• [EXERCISE DESCRIPTION]: From the entries below, copy every line that holds the word "linearGradient".

(SUPPLIED RECORDS Opens)

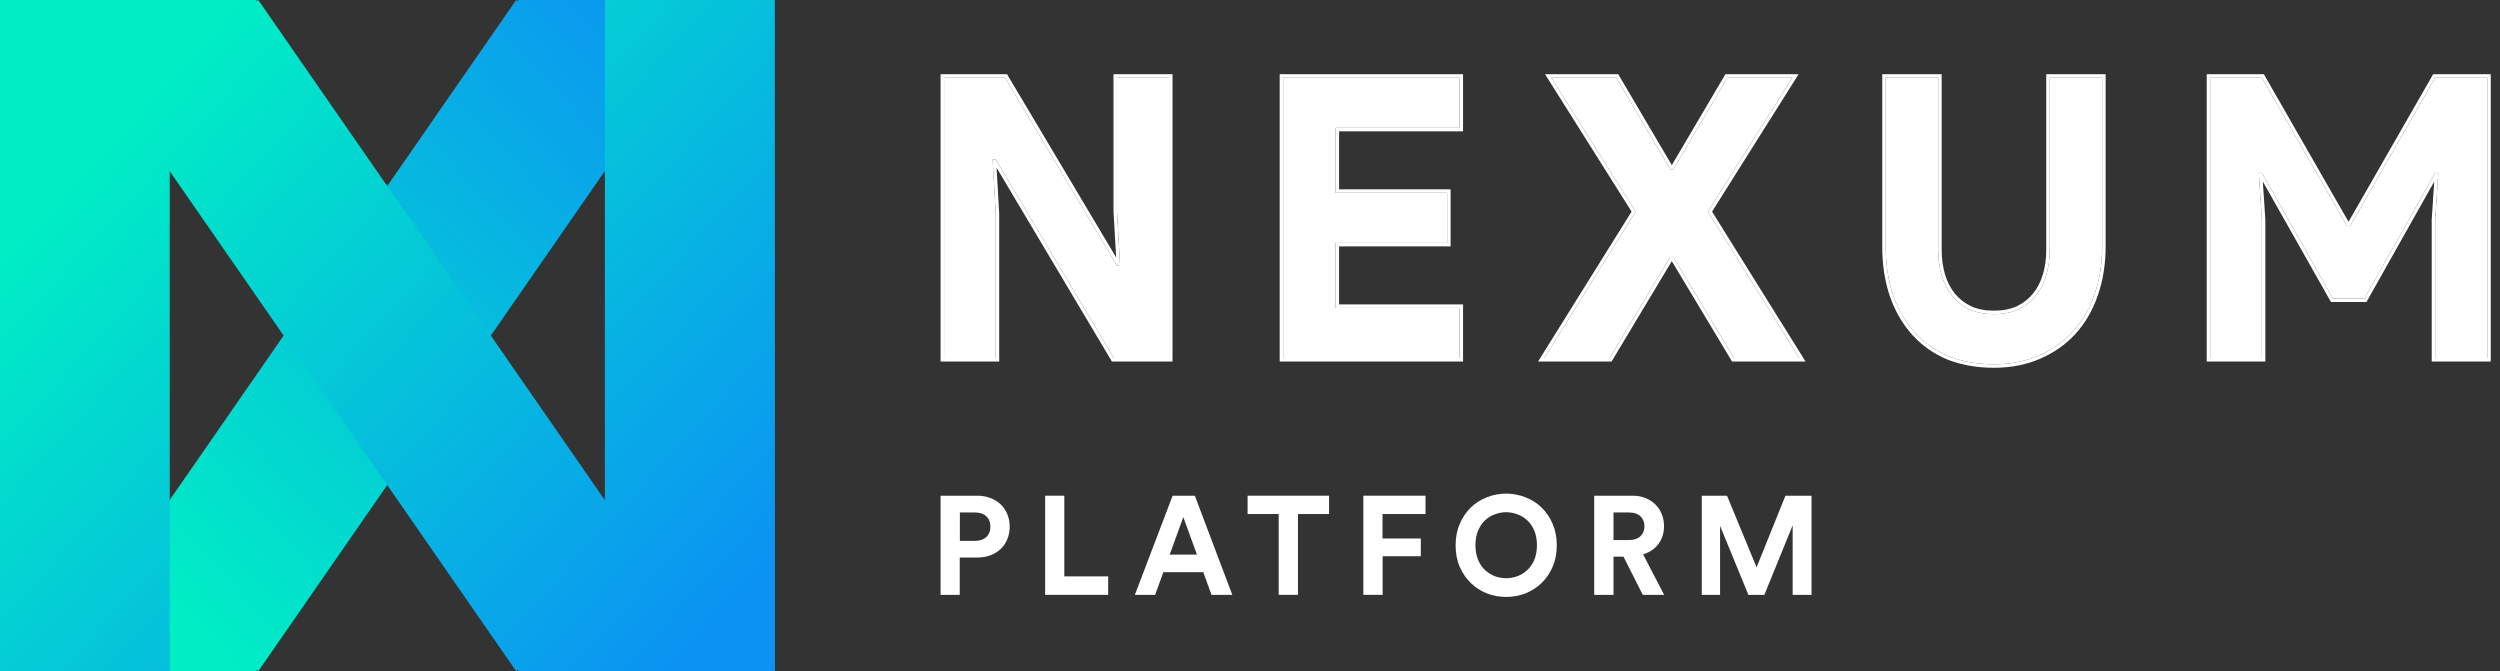 <svg width="298" height="80" viewBox="0 0 298 80" fill="none" xmlns="http://www.w3.org/2000/svg">
<rect x="0" y="0" width="298" height="80" fill="#333333" stroke="none"/>
<g clip-path="url(#clip0_819_14431)">
<path fill-rule="evenodd" clip-rule="evenodd" d="M61.764 5.4e-06V0.17L61.524 1.95833e-05L20.259 59.554H0L3.54025e-06 80H30.581V79.851L30.791 80L72.056 20.446H72.108V80H92.34V20.446V0L61.764 5.4e-06Z" fill="url(#paint0_linear_819_14431)"/>
<path fill-rule="evenodd" clip-rule="evenodd" d="M2.01496e-05 80H20.232V20.446L20.259 20.446L61.524 80L61.764 79.831V80H92.34V59.555V0L72.108 0V59.555H72.056L30.791 0.001L30.581 0.149V0.001L0 0.001L9.84321e-06 20.446L2.01496e-05 80Z" fill="url(#paint1_linear_819_14431)"/>
<path d="M112.531 9.262H119.804L133.144 31.662H133.515L133.144 25.222V9.262H139.351V42.675H132.774L118.692 19.015H118.321L118.692 25.455V42.675H112.531V9.262Z" fill="white"/>
<path d="M159.206 15.235V22.982H172.5V28.955H159.206V36.702H173.982V42.675H152.953V9.262H173.982V15.235H159.206Z" fill="white"/>
<path d="M194.971 25.222L184.92 9.262H192.655L199.094 20.182H199.465L205.903 9.262H213.639L203.587 25.222L214.473 42.675H206.691L199.465 30.635H199.094L191.868 42.675H184.086L194.971 25.222Z" fill="white"/>
<path d="M237.655 43.422C235.709 43.422 233.934 43.111 232.328 42.488C230.753 41.835 229.409 40.902 228.298 39.688C227.186 38.475 226.322 37.013 225.704 35.302C225.087 33.559 224.777 31.584 224.777 29.375V9.262H231.031V29.748C231.031 30.868 231.17 31.895 231.448 32.828C231.725 33.762 232.142 34.571 232.698 35.255C233.254 35.94 233.949 36.484 234.783 36.888C235.616 37.262 236.574 37.448 237.655 37.448C238.766 37.448 239.739 37.262 240.573 36.888C241.407 36.484 242.101 35.94 242.657 35.255C243.213 34.571 243.63 33.762 243.908 32.828C244.186 31.895 244.325 30.868 244.325 29.748V9.262H250.578V29.375C250.578 31.459 250.27 33.373 249.652 35.115C249.066 36.826 248.201 38.304 247.058 39.548C245.946 40.762 244.588 41.711 242.981 42.395C241.407 43.08 239.631 43.422 237.655 43.422Z" fill="white"/>
<path d="M263.455 9.262H269.616L279.76 26.948H280.131L290.275 9.262H296.482V42.675H290.275V26.202L290.645 20.602H290.275L281.844 35.582H278.093L269.616 20.602H269.245L269.616 26.202V42.675H263.455V9.262Z" fill="white"/>
<path fill-rule="evenodd" clip-rule="evenodd" d="M112.117 8.845H120.037L133.044 30.684L132.73 25.234V8.845H139.764V43.092H132.539L118.792 19.993L119.105 25.443V43.092H112.117V8.845ZM118.691 19.015L132.773 42.675H139.351V9.262H133.144V25.222L133.514 31.662H133.144L119.803 9.262H112.531V42.675H118.691V25.455L118.321 19.015H118.691ZM172.913 22.565V29.372H159.62V36.285H174.396V43.092H152.54V8.845H174.396V15.652H159.62V22.565H172.913ZM159.206 15.235H173.982V9.262H152.953V42.675H173.982V36.702H159.206V28.955H172.5V22.982H159.206V15.235ZM194.972 25.222L184.921 9.262H192.656L199.095 20.182H199.465L205.904 9.262H213.64L203.588 25.222L214.473 42.675H206.691L199.465 30.635H199.095L191.869 42.675H184.087L194.972 25.222ZM199.28 31.131L192.102 43.092H183.339L194.483 25.223L184.168 8.845H192.891L199.28 19.68L205.669 8.845H214.392L204.078 25.223L215.221 43.092H206.458L199.28 31.131ZM232.171 42.874C230.543 42.198 229.149 41.231 227.996 39.971C226.843 38.713 225.951 37.202 225.316 35.444V35.442C224.679 33.647 224.365 31.623 224.365 29.375V8.845H231.445V29.748C231.445 30.834 231.581 31.82 231.845 32.709C232.108 33.595 232.502 34.353 233.02 34.991C233.534 35.624 234.178 36.131 234.957 36.51C235.728 36.854 236.625 37.032 237.655 37.032C238.719 37.032 239.631 36.853 240.4 36.51C241.181 36.131 241.824 35.624 242.339 34.991C242.857 34.353 243.249 33.595 243.513 32.709C243.778 31.82 243.912 30.834 243.912 29.748V8.845H250.992V29.375C250.992 31.5 250.678 33.461 250.043 35.253C249.439 37.014 248.546 38.542 247.363 39.831C246.208 41.09 244.8 42.072 243.144 42.778C241.512 43.488 239.679 43.838 237.655 43.838C235.667 43.838 233.839 43.52 232.181 42.877L232.171 42.874ZM247.059 39.548C248.202 38.304 249.067 36.826 249.652 35.115C250.271 33.373 250.579 31.459 250.579 29.375V9.262H244.326V29.748C244.326 30.868 244.187 31.895 243.909 32.828C243.631 33.762 243.214 34.571 242.658 35.255C242.102 35.94 241.407 36.484 240.574 36.888C239.74 37.262 238.767 37.448 237.655 37.448C236.575 37.448 235.617 37.262 234.783 36.888C233.95 36.484 233.255 35.94 232.699 35.255C232.143 34.571 231.726 33.762 231.448 32.828C231.17 31.895 231.031 30.868 231.031 29.748V9.262H224.778V29.375C224.778 31.584 225.087 33.559 225.705 35.302C226.323 37.013 227.187 38.475 228.299 39.688C229.41 40.902 230.754 41.835 232.328 42.488C233.935 43.111 235.71 43.422 237.655 43.422C239.632 43.422 241.407 43.08 242.982 42.395C244.589 41.711 245.947 40.762 247.059 39.548ZM263.041 8.845H269.853L279.945 26.439L290.034 8.845H296.895V43.092H289.861V26.188L290.16 21.648L282.084 35.998H277.85L269.728 21.642L270.029 26.188V43.092H263.041V8.845ZM269.615 20.602L278.092 35.582H281.844L290.274 20.602H290.645L290.274 26.202V42.675H296.481V9.262H290.274L280.13 26.948H279.759L269.615 9.262H263.454V42.675H269.615V26.202L269.245 20.602H269.615Z" fill="white"/>
<path d="M116.22 64.472C116.793 64.472 117.24 64.322 117.56 64.022C117.891 63.711 118.056 63.299 118.056 62.788C118.056 62.255 117.891 61.838 117.56 61.538C117.24 61.238 116.793 61.088 116.22 61.088H114.417V64.472H116.22ZM114.4 66.455V70.905H112.117V59.088H116.501C117.075 59.088 117.599 59.183 118.073 59.372C118.547 59.549 118.955 59.805 119.297 60.138C119.639 60.461 119.898 60.849 120.074 61.305C120.262 61.749 120.356 62.238 120.356 62.772C120.356 63.305 120.262 63.799 120.074 64.255C119.898 64.71 119.639 65.099 119.297 65.422C118.955 65.744 118.547 65.999 118.073 66.188C117.599 66.366 117.075 66.455 116.501 66.455H114.4Z" fill="white"/>
<path d="M124.582 70.905V59.088H126.865V68.705H132.093V70.905H124.582Z" fill="white"/>
<path d="M143.433 68.205H138.669L137.693 70.905H135.277L139.777 59.088H142.424L146.891 70.905H144.409L143.433 68.205ZM139.43 66.105H142.672L141.051 61.638L139.43 66.105Z" fill="white"/>
<path d="M154.718 61.272V70.905H152.419V61.272H148.713V59.088H158.424V61.272H154.718Z" fill="white"/>
<path d="M162.512 70.905V59.088H169.923V61.272H164.795V64.188H169.361V66.305H164.811V70.905H162.512Z" fill="white"/>
<path d="M175.873 64.988C175.873 65.655 175.979 66.238 176.188 66.738C176.398 67.227 176.674 67.632 177.015 67.954C177.369 68.277 177.759 68.521 178.19 68.688C178.631 68.843 179.078 68.921 179.53 68.921C179.983 68.921 180.429 68.843 180.87 68.688C181.311 68.521 181.703 68.277 182.044 67.954C182.398 67.632 182.679 67.227 182.888 66.738C183.098 66.238 183.202 65.655 183.202 64.988C183.202 64.321 183.098 63.743 182.888 63.255C182.679 62.755 182.398 62.343 182.044 62.021C181.703 61.699 181.311 61.46 180.87 61.305C180.429 61.138 179.983 61.055 179.53 61.055C179.078 61.055 178.631 61.138 178.19 61.305C177.759 61.46 177.369 61.699 177.015 62.021C176.674 62.343 176.398 62.755 176.188 63.255C175.979 63.743 175.873 64.321 175.873 64.988ZM173.508 65.004C173.508 64.049 173.673 63.193 174.004 62.438C174.335 61.671 174.777 61.021 175.328 60.488C175.88 59.955 176.519 59.549 177.247 59.271C177.974 58.982 178.735 58.838 179.53 58.838C180.324 58.838 181.085 58.982 181.813 59.271C182.552 59.549 183.197 59.955 183.748 60.488C184.301 61.021 184.741 61.671 185.072 62.438C185.402 63.193 185.568 64.049 185.568 65.004C185.568 65.96 185.402 66.816 185.072 67.571C184.741 68.327 184.301 68.971 183.748 69.504C183.197 70.038 182.552 70.449 181.813 70.738C181.085 71.016 180.324 71.154 179.53 71.154C178.735 71.154 177.974 71.016 177.247 70.738C176.519 70.449 175.88 70.038 175.328 69.504C174.777 68.971 174.335 68.327 174.004 67.571C173.673 66.816 173.508 65.96 173.508 65.004Z" fill="white"/>
<path d="M193.52 66.355H192.329V70.905H190.029V59.088H194.612C195.184 59.088 195.697 59.183 196.15 59.372C196.614 59.56 197.004 59.816 197.325 60.138C197.656 60.461 197.909 60.844 198.086 61.288C198.261 61.733 198.351 62.211 198.351 62.722C198.351 63.555 198.124 64.266 197.672 64.855C197.231 65.444 196.623 65.849 195.853 66.072L198.367 70.905H195.819L193.52 66.355ZM194.182 64.372C194.766 64.372 195.217 64.222 195.538 63.922C195.857 63.622 196.018 63.227 196.018 62.738C196.018 62.238 195.857 61.838 195.538 61.538C195.217 61.238 194.766 61.088 194.182 61.088H192.329V64.372H194.182Z" fill="white"/>
<path d="M213.685 70.905V62.622L210.311 70.905H208.408L205.033 62.688V70.905H202.85V59.088H205.86L209.384 67.622L212.825 59.088H215.935V70.905H213.685Z" fill="white"/>
</g>
<defs>
<linearGradient id="paint0_linear_819_14431" x1="6.748" y1="58.769" x2="76.685" y2="-4.865" gradientUnits="userSpaceOnUse">
<stop stop-color="#00EFC4"/>
<stop offset="1" stop-color="#0B92F3"/>
</linearGradient>
<linearGradient id="paint1_linear_819_14431" x1="6.748" y1="21.231" x2="76.685" y2="84.866" gradientUnits="userSpaceOnUse">
<stop stop-color="#00EFC4"/>
<stop offset="1" stop-color="#0B92F3"/>
</linearGradient>
<clipPath id="clip0_819_14431">
<rect width="297.778" height="80" fill="white"/>
</clipPath>
</defs>
</svg>

(SUPPLIED RECORDS Closes)

• [EXERCISE SOLUTION]:
<linearGradient id="paint0_linear_819_14431" x1="6.748" y1="58.769" x2="76.685" y2="-4.865" gradientUnits="userSpaceOnUse">
</linearGradient>
<linearGradient id="paint1_linear_819_14431" x1="6.748" y1="21.231" x2="76.685" y2="84.866" gradientUnits="userSpaceOnUse">
</linearGradient>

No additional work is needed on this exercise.